Praktek pembersihan/pensucian dengan sarana banten ini bisa dilakukan oleh Pemangku juga oleh Pandita. Seorang Pandita/Brahmana yang selalu melakukan Lokaphalasraya, ber-darmawaca, menuntun umat akan hakekat kebenaran, ternyata juga mempunyai fungsi penting dalam menjaga kesucian alam semesta. Terkait hal itu, maka dalam lontar “Eka Pratama” disebutkan : Sang Brahmana Aji (Hyang Whidi) memiliki tiga Putra : Sang Siwa dengan senjata Agni Anglayang bertugas Amretistha (membersihkan) Akasa, Sang Bodha dengan Agni Sara bertugas Amretistha Pawana (Atmosfir) dan Sang Bujangga dengan Agni Sinara Rasa Amretistha Sarwa Prani (alam dan isinya/Prani=mahluk hidup), ketiganya disebut “Sang Katrini Katon”, yang kemudian dikenal dengan “Tri Sadaka. “Sadaka” artinya orang yang sudah mampu merealisasikan ajaran Weda dalam hidupnya, sehingga Sadaka ini lebih tepat diberikan kepada siapa saja yang mampu bukan hanya Pandita.
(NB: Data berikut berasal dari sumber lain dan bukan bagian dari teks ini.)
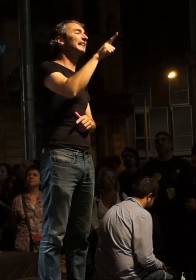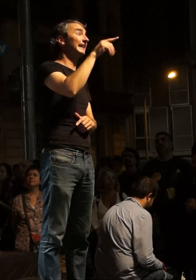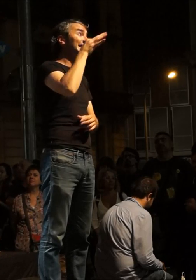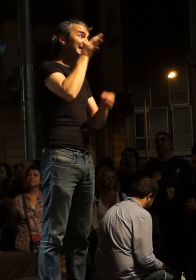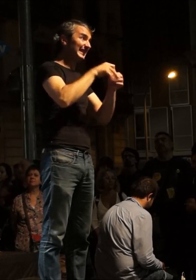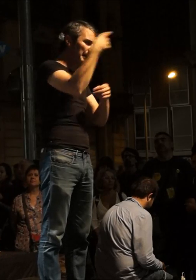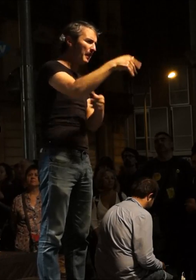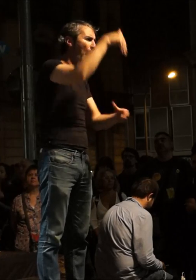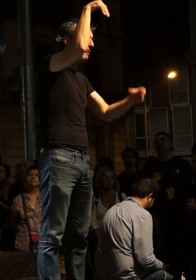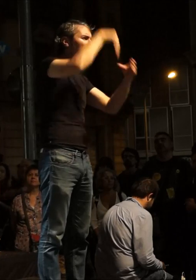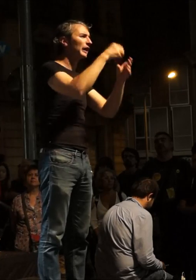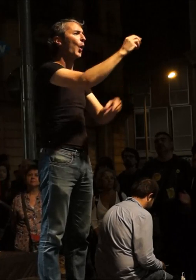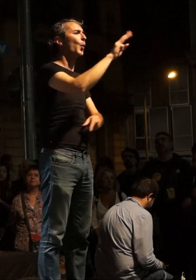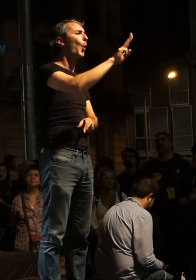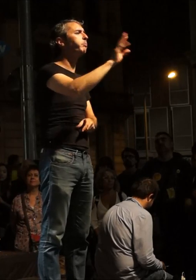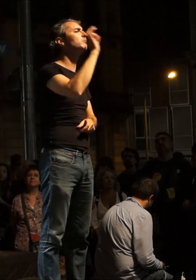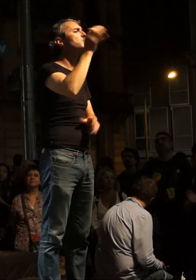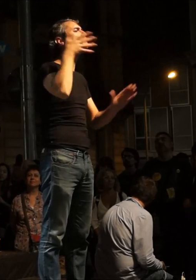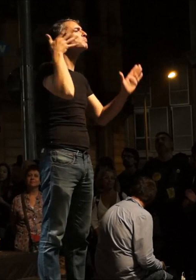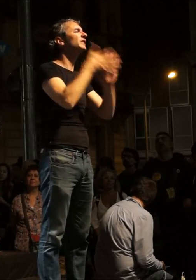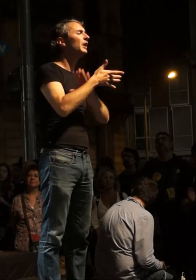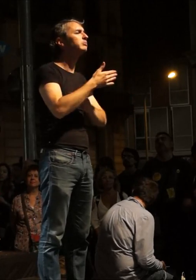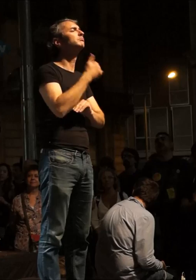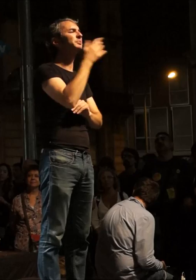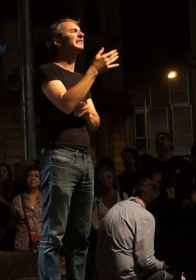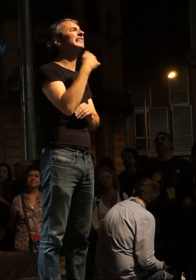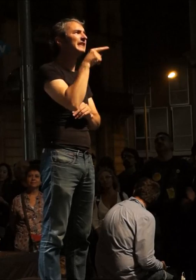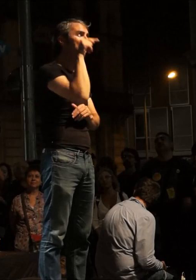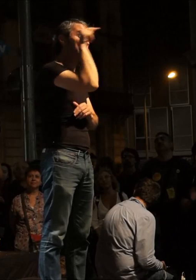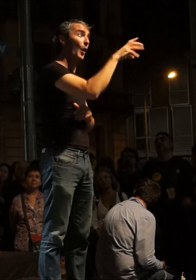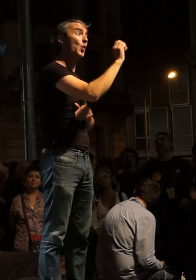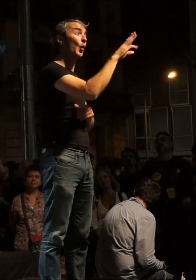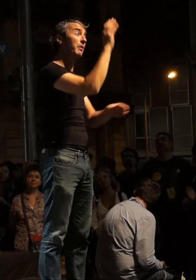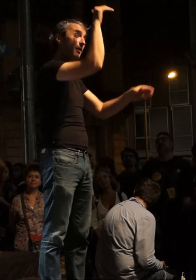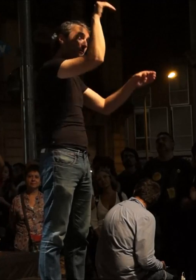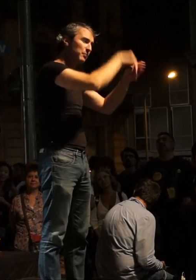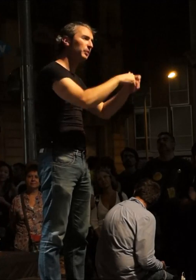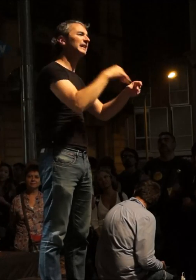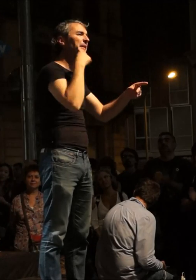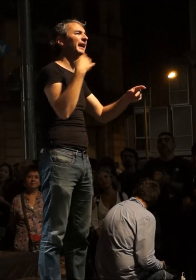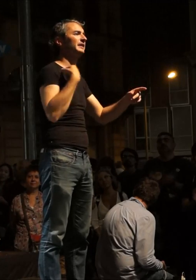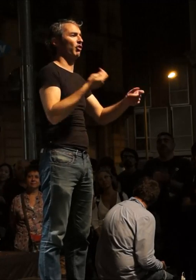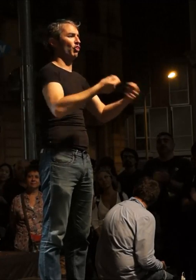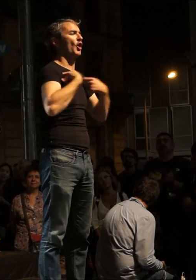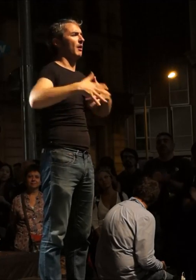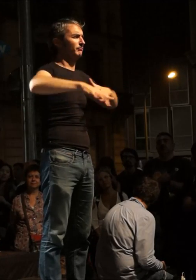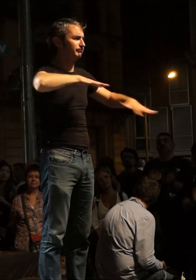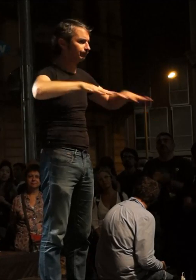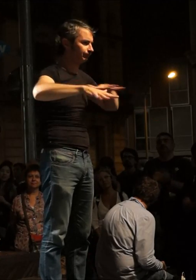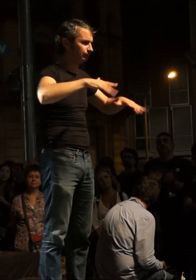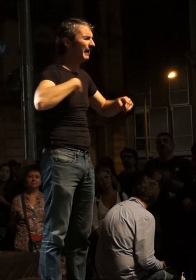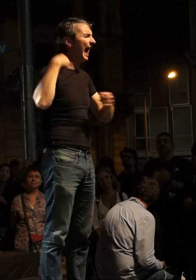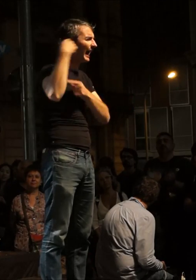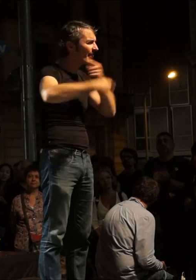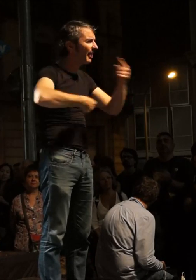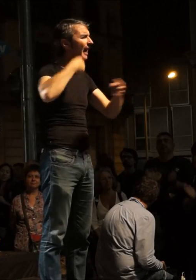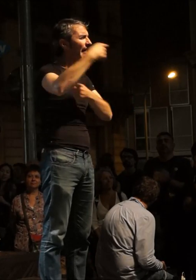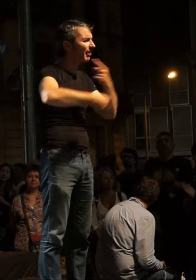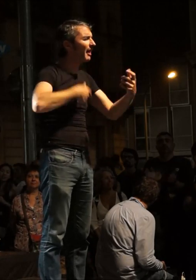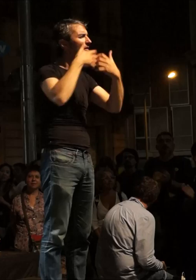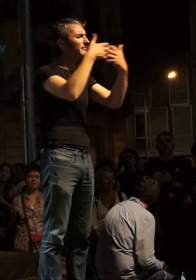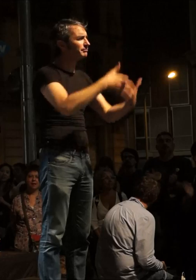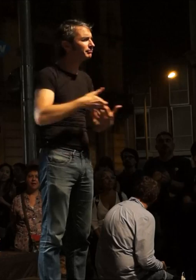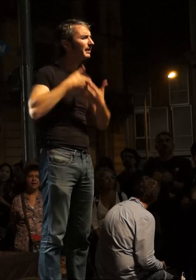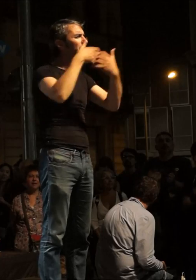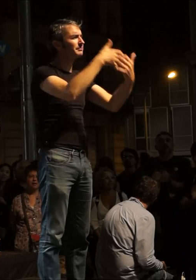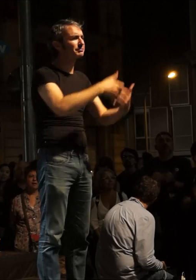la CUP i ho farà saber que és la força, el nostre moviment real pel que cap cada dia socavant,

Dalam aplikasinya fungsi amretistha ini dilakukan oleh : Pedanda Siwa, Pedanda Budha dan Bujangga. Lontar Eka Pratama ini ada bahkan sebelum ada Pedanda (sebelum abad XV). Kemudian ada istilah “Sarwa Sadaka” yang menegaskan semua Pandita (Brahmana/Sang Dwijati) berhak melakukan tiga fungsi tersebut. Pandita tersebut : Pedanda, Mpu, Bhagawan, Rsi, Bujangga, Sire Mpu, Dukuh, Acharya, dll. Dengan berdasarkan kepada fungsi pandita untuk memohonkan kesucian kepada alam semesta, maka sudah selayaknya, bahwa semua Pandita bisa melakukan tugas Amretistha akasa, pawana, dan sarwa prani, baik dalam tugas terpisah maupun secara utuh oleh diri Pandita itu sendiri. Usaha untuk mememberikan tugas tersebut kepada Tri Sadaka saja di bali maupun diluar bali seperti di Jawa yang penulis lihat, hanyalah bentuk kekakuan yang tidak perlu terjadi dijaman yang sudah serba terbuka ini. Pemahaman umat akan hakekat ke-Panditaan atau lebih luasnya kepada ajaran Hindu, saat ini sudah semakin meningkat dan sudah saatnya untuk kembali kepada ajaran yang benar yaitu yang bersumber dari Weda.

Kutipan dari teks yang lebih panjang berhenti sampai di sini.